- Artikel veröffentlicht am 17. November 2021

Das Stockholm-Syndrom bezieht sich auf einen wechselseitigen "Bindungsprozess" zwischen Entführern und Geiseln. Mit anderen Worten, es ist möglich, dass Geiseln und Entführer positive Gefühle für einander entwickeln, was den Opfern helfen würde, ihre Gefangenschaft zu "überwinden".

Warum sprechen wir vom „Stockholm-Syndrom“?

Das Konzept des „Stockholm-Syndroms“ entstand vor etwa vierzig Jahren nach einer Geiselnahme in Stockholm.

Im August 1973 beraubt ein beurlaubter Insasse, Jan-Erik Olsson, eine Bank und hält vier Angestellte als Geiseln. Am Ende der 6 Tage führten die Verhandlungen zur unversehrten Freilassung der Geiseln.

Während dieser Tage sagt der Entführer, dass seine Opfer zu Beginn der Geiselnahme sehr verängstigt waren, ihre Gefühle sich schnell änderten und die Situation für ihn fast "freundlich" wurde.

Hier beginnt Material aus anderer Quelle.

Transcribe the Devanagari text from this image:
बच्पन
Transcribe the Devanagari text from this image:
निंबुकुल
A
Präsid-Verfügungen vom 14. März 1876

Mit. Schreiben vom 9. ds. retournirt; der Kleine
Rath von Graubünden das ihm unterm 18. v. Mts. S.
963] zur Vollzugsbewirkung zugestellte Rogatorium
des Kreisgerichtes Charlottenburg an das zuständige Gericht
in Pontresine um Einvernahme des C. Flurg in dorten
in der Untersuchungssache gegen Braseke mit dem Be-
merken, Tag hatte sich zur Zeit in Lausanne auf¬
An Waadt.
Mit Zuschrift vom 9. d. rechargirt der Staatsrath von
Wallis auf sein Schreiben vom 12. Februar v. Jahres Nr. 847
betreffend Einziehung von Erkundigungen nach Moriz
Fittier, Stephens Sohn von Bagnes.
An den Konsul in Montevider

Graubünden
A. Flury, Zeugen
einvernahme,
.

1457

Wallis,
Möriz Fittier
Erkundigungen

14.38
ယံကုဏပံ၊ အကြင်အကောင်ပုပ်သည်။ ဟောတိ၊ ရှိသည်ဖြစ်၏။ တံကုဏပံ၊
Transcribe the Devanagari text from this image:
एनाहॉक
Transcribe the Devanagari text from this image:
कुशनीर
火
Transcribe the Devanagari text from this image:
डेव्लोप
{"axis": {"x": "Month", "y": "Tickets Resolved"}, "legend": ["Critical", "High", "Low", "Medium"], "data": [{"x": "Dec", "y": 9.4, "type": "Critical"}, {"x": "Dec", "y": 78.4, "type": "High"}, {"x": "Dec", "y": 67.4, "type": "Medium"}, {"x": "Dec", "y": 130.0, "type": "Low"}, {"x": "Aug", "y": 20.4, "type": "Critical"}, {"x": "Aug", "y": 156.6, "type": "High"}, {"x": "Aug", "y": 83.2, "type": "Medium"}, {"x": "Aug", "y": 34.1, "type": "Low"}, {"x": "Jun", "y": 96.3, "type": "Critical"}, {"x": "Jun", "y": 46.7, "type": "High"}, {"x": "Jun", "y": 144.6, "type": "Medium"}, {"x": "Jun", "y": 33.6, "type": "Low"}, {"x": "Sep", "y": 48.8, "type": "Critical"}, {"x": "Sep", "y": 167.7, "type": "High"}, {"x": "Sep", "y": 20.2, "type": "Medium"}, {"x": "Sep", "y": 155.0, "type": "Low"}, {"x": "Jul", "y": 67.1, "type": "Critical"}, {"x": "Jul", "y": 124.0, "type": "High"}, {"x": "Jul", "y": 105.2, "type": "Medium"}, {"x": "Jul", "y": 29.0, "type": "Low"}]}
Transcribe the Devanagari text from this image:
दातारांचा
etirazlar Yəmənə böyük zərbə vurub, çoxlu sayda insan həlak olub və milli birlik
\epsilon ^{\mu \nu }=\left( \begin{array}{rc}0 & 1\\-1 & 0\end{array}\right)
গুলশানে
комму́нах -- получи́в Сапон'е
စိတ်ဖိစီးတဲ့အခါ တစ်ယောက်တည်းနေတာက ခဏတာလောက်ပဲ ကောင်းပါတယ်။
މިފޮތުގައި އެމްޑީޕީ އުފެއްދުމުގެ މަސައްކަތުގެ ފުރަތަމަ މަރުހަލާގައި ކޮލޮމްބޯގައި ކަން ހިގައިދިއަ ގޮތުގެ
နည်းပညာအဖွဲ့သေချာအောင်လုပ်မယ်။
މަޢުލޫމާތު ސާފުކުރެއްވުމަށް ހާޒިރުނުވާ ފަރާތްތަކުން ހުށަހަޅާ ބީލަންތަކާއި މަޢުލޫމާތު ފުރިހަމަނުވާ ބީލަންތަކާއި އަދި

Die Geiseln weigerten sich anschließend, gegen ihren Angreifer auszusagen. Sie besuchten ihn im Gefängnis und eines der Opfer soll sogar eine romantische Beziehung zu Jan-Erik Olsson gehabt haben.

In Vincent Gallos Buffalo '66 entführt ein Ex-Sträfling eine junge Frau und es entsteht eine komplexe Beziehung zwischen ihnen.

Stockholm-Syndrom, wie funktioniert es?

Das Hauptmerkmal des Syndroms ist, dass es in einer Situation extremer Spannungen zwischen zwei Parteien auftritt.

Dies haben die Geiseln und ihre Entführer gemeinsam. In der Tat ist jede der Parteien in Todesgefahr, auch wenn ihre Wege offensichtlich sehr unterschiedlich sind.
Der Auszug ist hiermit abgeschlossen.